Example 1: seeks, range-scan vs singleton-lookup

Now if we select like:

--- singleton-lookup
select col_str
from dbo.index_usage_demo
where id = 1

Now after this if we query the DMV:

Now if we do 5 singleton-lookups:

--- 5 singleton lookups counted as 1 
select col_str
from dbo.index_usage_demo
where id in ( 1,2,3,4,5)

Now in the properties of the execution plan:

Then DMV:

So as you can see here it only counts one operator, now if we wanted to see how many times it got executed per row, we need to use sys.dm_db_index_operational_stats more on it later

Now if we range-scan like:

--- range-scan
select col_str
from dbo.index_usage_demo
where id >1

so it is 3 now because it was a seek, even though the range-scan scanned the whole table except one value

Example 2: index scans

now we can:

select*
from dbo.index_usage_demo with (index = 1);

DMV:

we have our scan now

now here as you can see we only used the clustered index

Let’s force the others in the previous queries:

Example 3: singleton-lookup with Key-lookup

select col_str
from dbo.index_usage_demo with(index =ix_index_usage_demo_col1_nci)
where col1 in (2,4,6,8,10)

now here we used it once, it chose to scan the clustered index first so we had to use the hint

now if we DMV:

Example 5: updates, nonclustered, counting the updates even though the transaction did not commit


--- this one did not execute
update dbo.index_usage_demo
set col2 = -20 
--- now this one did
update dbo.index_usage_demo
set col2 = -20  where col2 = 20

Now as you can see it did show it twice even if we could not commit.
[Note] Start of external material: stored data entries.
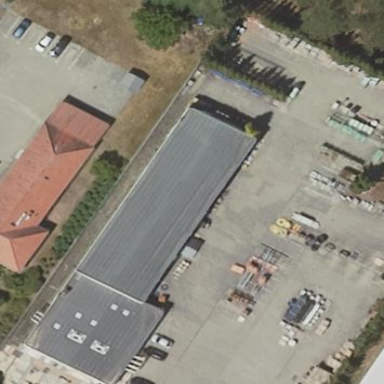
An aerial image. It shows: Trading shop located within building.
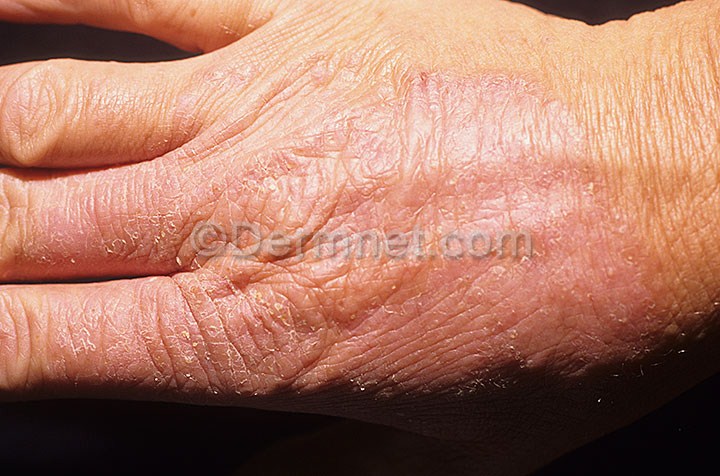
Disease: Tinea Ringworm Candidiasis and other Fungal Infections
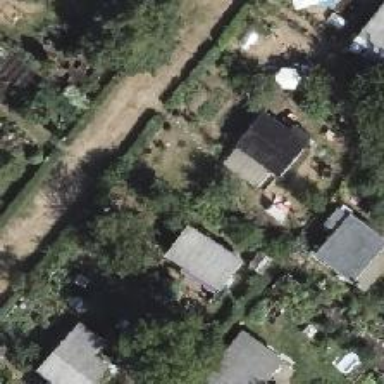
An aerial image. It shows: Plot within allotments.

Now if an update statement does not execute, it would be counted as an update, and a read

this DMV shows an overview of indexes, if we want a more detailed outlook we should look at the other one:

sys.dm_db_index_operational_stats

Now first let’s select*:

select*
from sys.dm_db_index_operational_stats(db_id(),object_id(N'dbo.index_usage_demo'),NULL,NULL)
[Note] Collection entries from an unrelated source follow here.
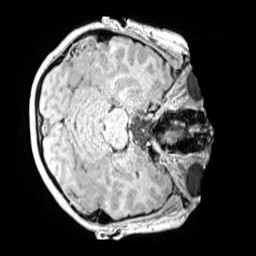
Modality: MP2RAGE
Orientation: axial
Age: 11
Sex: male
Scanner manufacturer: siemens
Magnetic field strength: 3 T
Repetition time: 4 s
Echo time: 0.00299 s
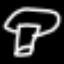
Label: mushroom

Now the last two parameters are for index_id and partition_id

so we have:

database_id
object_id
index_id
partition_number
hobt_id
leaf_insert_count how many inserts did happen on leaf level records row by row, unlike the other one usage stats since the last server restart
leaf_delete_count
leaf_update_count
leaf_ghost_count
nonleaf_……
leaf_allocation_count: how many pages have been allocated to an index or a heap, if a heap, how many pages were added, if an index, how many page splits
nonleaf…….

now we start seeing singleton lookups,range-scans, and forwarded fetch
lob_fetch, is how many times we retrieved
the lob_orphan stuff is for bulk inserts

now here we start to see the columns related to locks and latches

now here we see compression and row-versioning columns

now as you can see, the amount of data is overwhelming

so whenever we use it, we have to tailor it to our specific needs

now here we are going to create a table to demonstrate the seek operations:

Example: singleton-lookups and range scans

create table seeks_demo(
id int not null,
col1 int,
col2 int,
col3 char(7000)
);
create unique clustered index ix_seeks_demo_id_ci on dbo.seeks_demo(id);
create nonclustered index ix_seeks_demo_col1_nci on dbo.seeks_demo(col1);
create nonclustered index ix_seeks_demo_col2_nci on dbo.seeks_demo(col2);
with 
n1(c) as (select 0 union all select 0),
n2(c) as (select 0 from n1 as t1 cross join n1 as t2),
n3(c) as (select 0 from n2 as t1 cross join n2 as t2),
ids(id) as (select row_number() over ( order by (select null)) from n3)
insert into dbo.seeks_demo(id,col1,col2)
select id, id*2,id*20
from ids

After that, we select with point-lookup and range-scan like:

--- range scan
select col1
from seeks_demo with ( index = ix_seeks_demo_col1_nci)
where col1>0
---- singleton-lookup with key-lookup
select *
from seeks_demo with(index = ix_seeks_demo_col1_nci)
where col1 = 2

Now if we index_operatinal_stats like:

select i.name as index_name,singleton_lookup_count,range_scan_count
from sys.dm_db_index_operational_stats(db_id(),object_id(N'dbo.seeks_demo'),NULL,NULL) op inner join 
     sys.indexes i on i.object_id = op.object_id
     and i.index_id = op.index_id

We would get:

But if we point-lookup only:

select col1
from col1 with(index = ix_seeks_demo_col1_nci)
where col1 = 1

We get:

even though it was a point-lookup

why is that? because it is not unique, it can return any number of values

but the clustered index is unique

So if we select like:

select id
from seeks_demo
where id = 2

So it records it when it is unique only.

And with that, we are done with DMV for usage and operational index stats.